Anyway, I don’t know if I accidentally left my radio off one day and that was the day they came to look at the place, or if maybe the blaring music coming from the other side of the wall didn’t clue them in. I don’t know. I am so upset, I have been crying all day, just at the thought of what I have in store for me with new neighbors. My blood pressure has to be through the roof, and I feel like I want to barf. Todd tried to say that they might be nice, but the situation we’re in doesn’t lend itself to prolonged “niceness.” The first time they have a fight, or turn their stereo up past 20, I am going to freak out. And I will spend the next however long living with the feeling that someone can hear every word I say. For someone with my paranoid tendencies this is not conducive to happy and peaceful living.
And wouldn’t you know it, just when I let my guard down and thought “Ok, things at work are marginally better, maybe my life isn’t the biggest shithole in the history of the world after all.” And then bam, the peace and quiet of my home gets snatched from my grasp, probably permanently. I try to look on the bright side. I try not to be pessimistic, but for FUCK’S SAKE, something is always happening to me. I have no peace, and I don’t think I ever will.

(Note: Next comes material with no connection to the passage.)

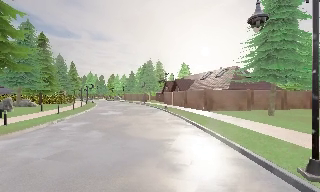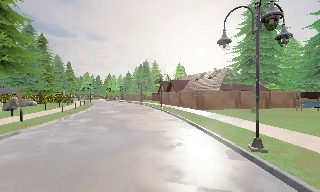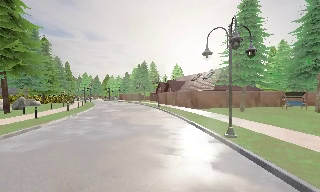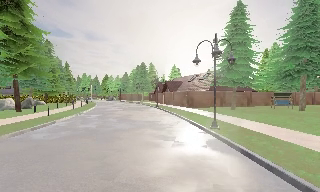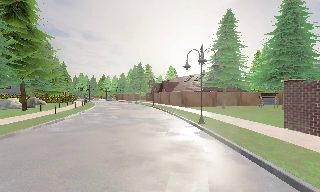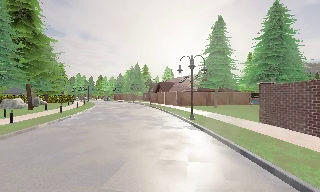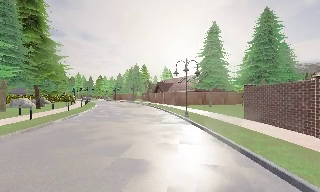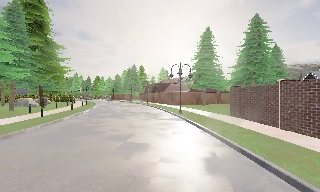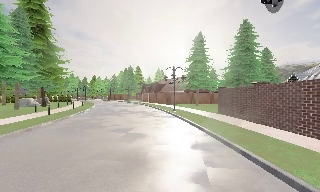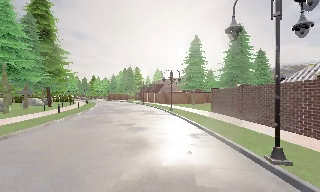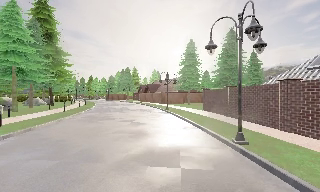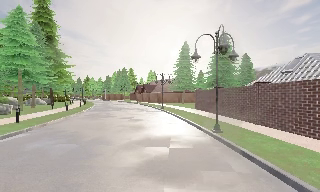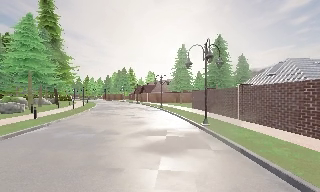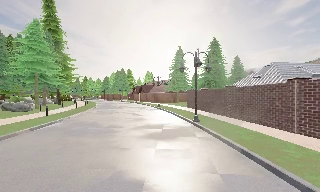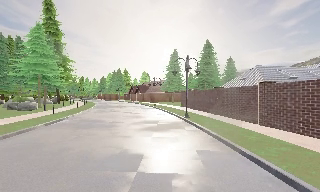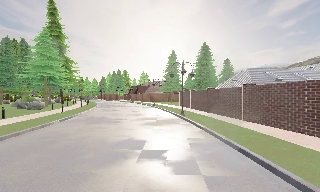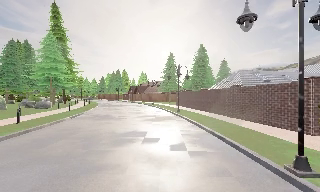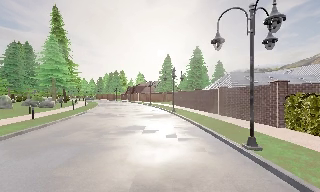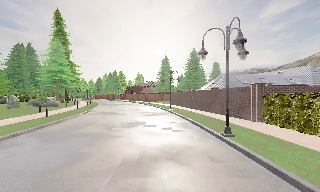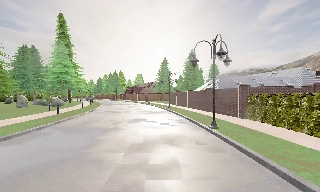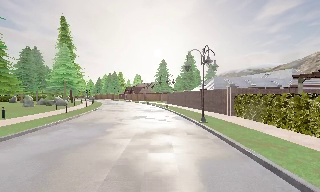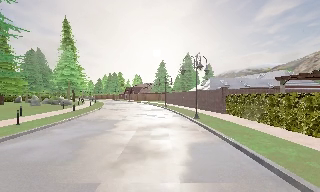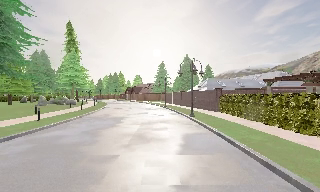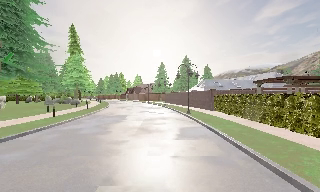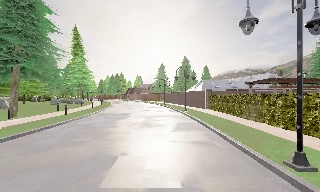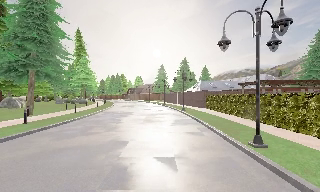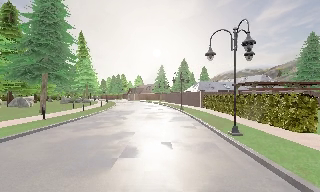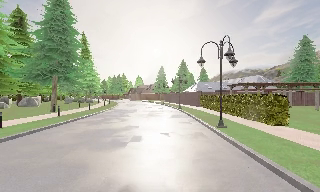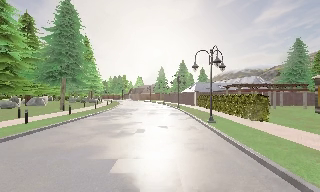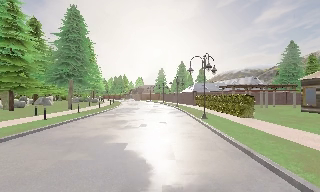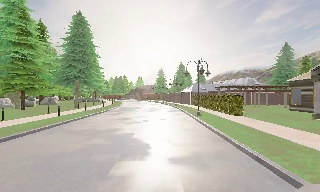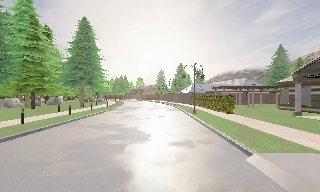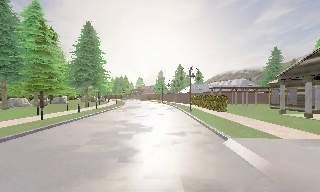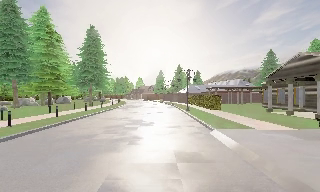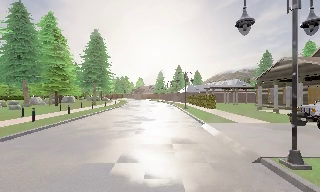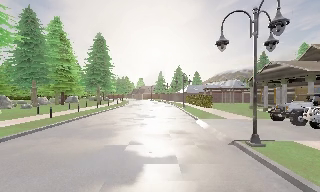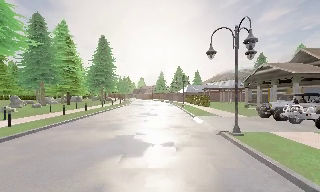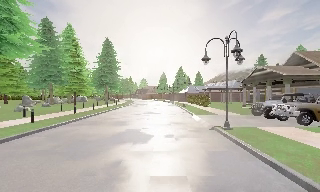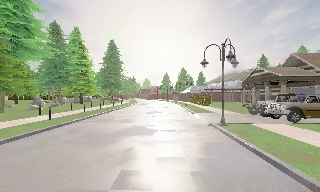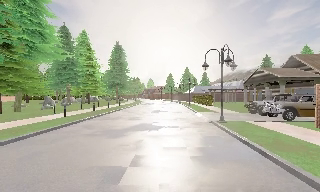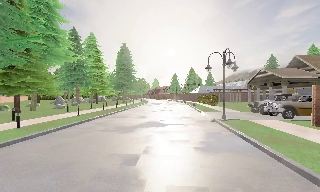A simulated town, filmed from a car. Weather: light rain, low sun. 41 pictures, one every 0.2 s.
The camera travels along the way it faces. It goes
backward.
0.0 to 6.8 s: The camera pans to its right, which is clockwise from overhead, by about 15 degrees. It travels backward, about 55 m, so what stands in front gets smaller.
6.8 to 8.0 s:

And somehow I am sure it’s all my fault, like I have the wrong attitude or something.
Anyway, they were only moving some stuff today it seems like, and are not there now. I haven’t met them yet, obviously. I don’t have the heart for it, and I am a little afraid that I would freak out on them.
One day I will accept completely that bad shit is constantly happening to me (and always will) and that I should give up on wanting to be happy and just appreciate fucking sunbeams and shit. But that day is not today, apparently.